Records from a data source
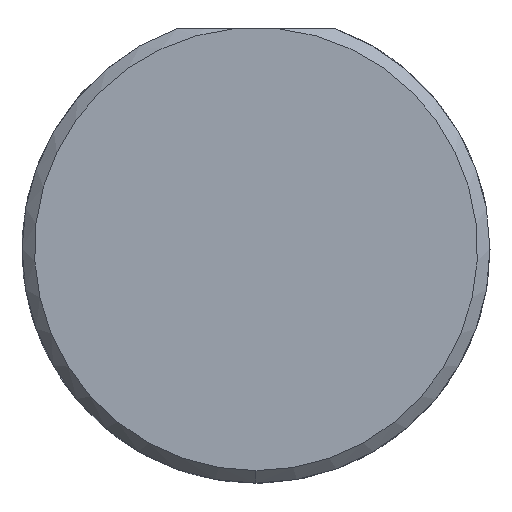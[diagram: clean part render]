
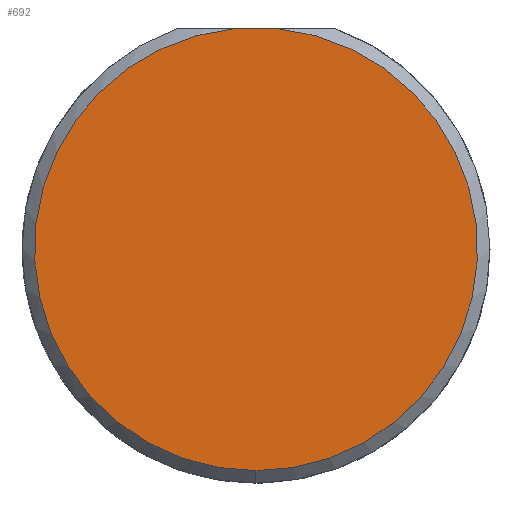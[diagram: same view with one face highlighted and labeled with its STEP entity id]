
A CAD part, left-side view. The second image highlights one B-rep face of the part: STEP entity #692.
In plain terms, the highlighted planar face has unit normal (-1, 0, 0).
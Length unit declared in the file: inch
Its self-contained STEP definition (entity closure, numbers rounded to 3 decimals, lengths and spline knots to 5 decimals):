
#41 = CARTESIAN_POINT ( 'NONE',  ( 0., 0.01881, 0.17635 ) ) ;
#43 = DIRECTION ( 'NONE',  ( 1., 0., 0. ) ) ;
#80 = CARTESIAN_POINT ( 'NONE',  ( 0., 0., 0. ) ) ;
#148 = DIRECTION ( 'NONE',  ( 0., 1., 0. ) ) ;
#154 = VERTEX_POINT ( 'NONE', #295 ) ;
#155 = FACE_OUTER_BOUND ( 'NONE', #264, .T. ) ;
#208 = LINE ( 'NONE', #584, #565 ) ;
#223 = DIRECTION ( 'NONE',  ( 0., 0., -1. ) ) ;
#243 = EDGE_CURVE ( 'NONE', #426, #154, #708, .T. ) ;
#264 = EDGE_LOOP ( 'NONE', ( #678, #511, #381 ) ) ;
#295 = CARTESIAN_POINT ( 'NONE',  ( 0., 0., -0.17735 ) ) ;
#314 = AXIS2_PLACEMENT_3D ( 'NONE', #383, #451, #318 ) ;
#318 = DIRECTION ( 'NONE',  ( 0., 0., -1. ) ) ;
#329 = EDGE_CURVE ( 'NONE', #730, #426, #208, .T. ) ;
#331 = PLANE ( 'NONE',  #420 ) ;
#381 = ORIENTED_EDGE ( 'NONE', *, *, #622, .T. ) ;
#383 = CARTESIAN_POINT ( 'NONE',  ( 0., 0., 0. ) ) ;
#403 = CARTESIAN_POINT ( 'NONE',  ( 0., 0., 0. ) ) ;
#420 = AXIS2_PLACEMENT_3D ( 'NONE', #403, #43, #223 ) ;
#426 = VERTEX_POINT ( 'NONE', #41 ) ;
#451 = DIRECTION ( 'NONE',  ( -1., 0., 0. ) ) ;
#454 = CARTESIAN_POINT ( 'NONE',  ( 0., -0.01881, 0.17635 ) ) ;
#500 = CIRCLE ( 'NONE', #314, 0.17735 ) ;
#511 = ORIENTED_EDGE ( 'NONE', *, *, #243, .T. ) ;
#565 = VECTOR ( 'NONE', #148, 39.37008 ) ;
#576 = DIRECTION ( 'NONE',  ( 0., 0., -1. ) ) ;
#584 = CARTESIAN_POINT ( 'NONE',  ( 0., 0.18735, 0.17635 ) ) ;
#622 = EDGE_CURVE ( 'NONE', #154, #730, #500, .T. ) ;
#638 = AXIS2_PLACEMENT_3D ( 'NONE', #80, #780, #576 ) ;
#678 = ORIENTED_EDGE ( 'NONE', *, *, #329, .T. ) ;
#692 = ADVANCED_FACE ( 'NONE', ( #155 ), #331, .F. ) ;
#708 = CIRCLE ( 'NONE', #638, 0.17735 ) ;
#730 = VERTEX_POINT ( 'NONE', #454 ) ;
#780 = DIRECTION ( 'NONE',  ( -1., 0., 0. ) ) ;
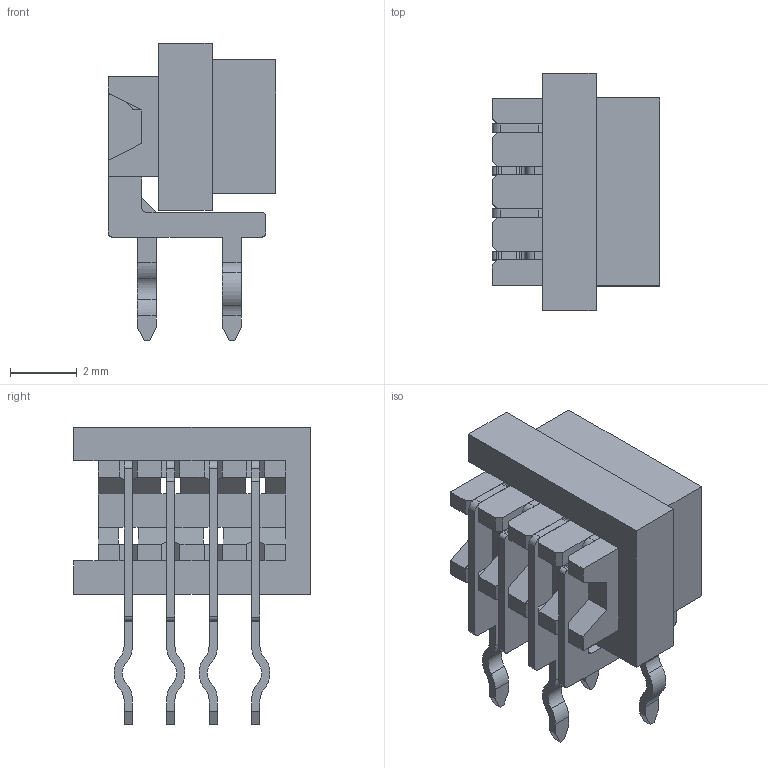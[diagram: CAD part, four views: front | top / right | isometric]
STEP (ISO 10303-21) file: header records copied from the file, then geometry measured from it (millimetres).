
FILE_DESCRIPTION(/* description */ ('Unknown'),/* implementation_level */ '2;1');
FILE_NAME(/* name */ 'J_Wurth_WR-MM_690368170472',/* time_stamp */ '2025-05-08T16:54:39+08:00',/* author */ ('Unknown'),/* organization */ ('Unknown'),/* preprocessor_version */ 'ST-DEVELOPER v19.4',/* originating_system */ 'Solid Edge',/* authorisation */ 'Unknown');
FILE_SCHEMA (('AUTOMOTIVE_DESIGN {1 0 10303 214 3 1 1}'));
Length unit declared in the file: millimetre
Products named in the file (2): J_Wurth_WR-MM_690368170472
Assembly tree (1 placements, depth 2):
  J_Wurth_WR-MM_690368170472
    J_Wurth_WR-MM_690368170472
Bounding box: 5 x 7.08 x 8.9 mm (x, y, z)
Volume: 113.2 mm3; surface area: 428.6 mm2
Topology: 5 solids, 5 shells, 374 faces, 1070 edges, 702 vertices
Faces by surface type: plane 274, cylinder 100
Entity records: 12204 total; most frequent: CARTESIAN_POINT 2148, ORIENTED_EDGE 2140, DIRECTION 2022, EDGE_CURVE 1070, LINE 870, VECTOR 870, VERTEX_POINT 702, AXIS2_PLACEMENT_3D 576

...

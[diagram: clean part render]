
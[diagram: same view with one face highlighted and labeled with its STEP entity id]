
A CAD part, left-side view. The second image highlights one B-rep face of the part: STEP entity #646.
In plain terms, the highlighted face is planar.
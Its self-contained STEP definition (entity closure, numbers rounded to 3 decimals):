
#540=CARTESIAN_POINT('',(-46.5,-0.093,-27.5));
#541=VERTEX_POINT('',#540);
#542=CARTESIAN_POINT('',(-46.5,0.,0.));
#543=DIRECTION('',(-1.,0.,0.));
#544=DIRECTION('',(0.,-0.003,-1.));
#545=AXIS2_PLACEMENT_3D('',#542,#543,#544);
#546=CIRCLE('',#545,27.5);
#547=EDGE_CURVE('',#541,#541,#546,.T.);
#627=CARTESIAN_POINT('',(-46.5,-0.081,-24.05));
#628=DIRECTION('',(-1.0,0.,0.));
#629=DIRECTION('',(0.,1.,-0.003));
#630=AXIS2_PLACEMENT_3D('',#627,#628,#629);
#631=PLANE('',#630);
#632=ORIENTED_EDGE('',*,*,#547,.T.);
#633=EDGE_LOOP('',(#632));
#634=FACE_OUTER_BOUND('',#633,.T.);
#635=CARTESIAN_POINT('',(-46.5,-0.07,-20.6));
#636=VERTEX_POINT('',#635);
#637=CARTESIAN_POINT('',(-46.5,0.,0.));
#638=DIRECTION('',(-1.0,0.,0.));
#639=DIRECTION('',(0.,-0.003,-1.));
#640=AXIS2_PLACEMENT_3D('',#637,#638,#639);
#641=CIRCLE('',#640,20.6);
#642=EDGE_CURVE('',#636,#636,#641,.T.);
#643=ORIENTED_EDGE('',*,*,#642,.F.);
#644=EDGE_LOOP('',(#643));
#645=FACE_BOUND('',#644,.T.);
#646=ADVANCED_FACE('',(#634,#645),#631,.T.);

(What the task requires): For the word "decimals", find every line in the data that holds it and copy that line.

(Answer space):
Its self-contained STEP definition (entity closure, numbers rounded to 3 decimals, lengths and spline knots to 5 decimals):
Its self-contained STEP definition (entity closure, numbers rounded to 3 decimals):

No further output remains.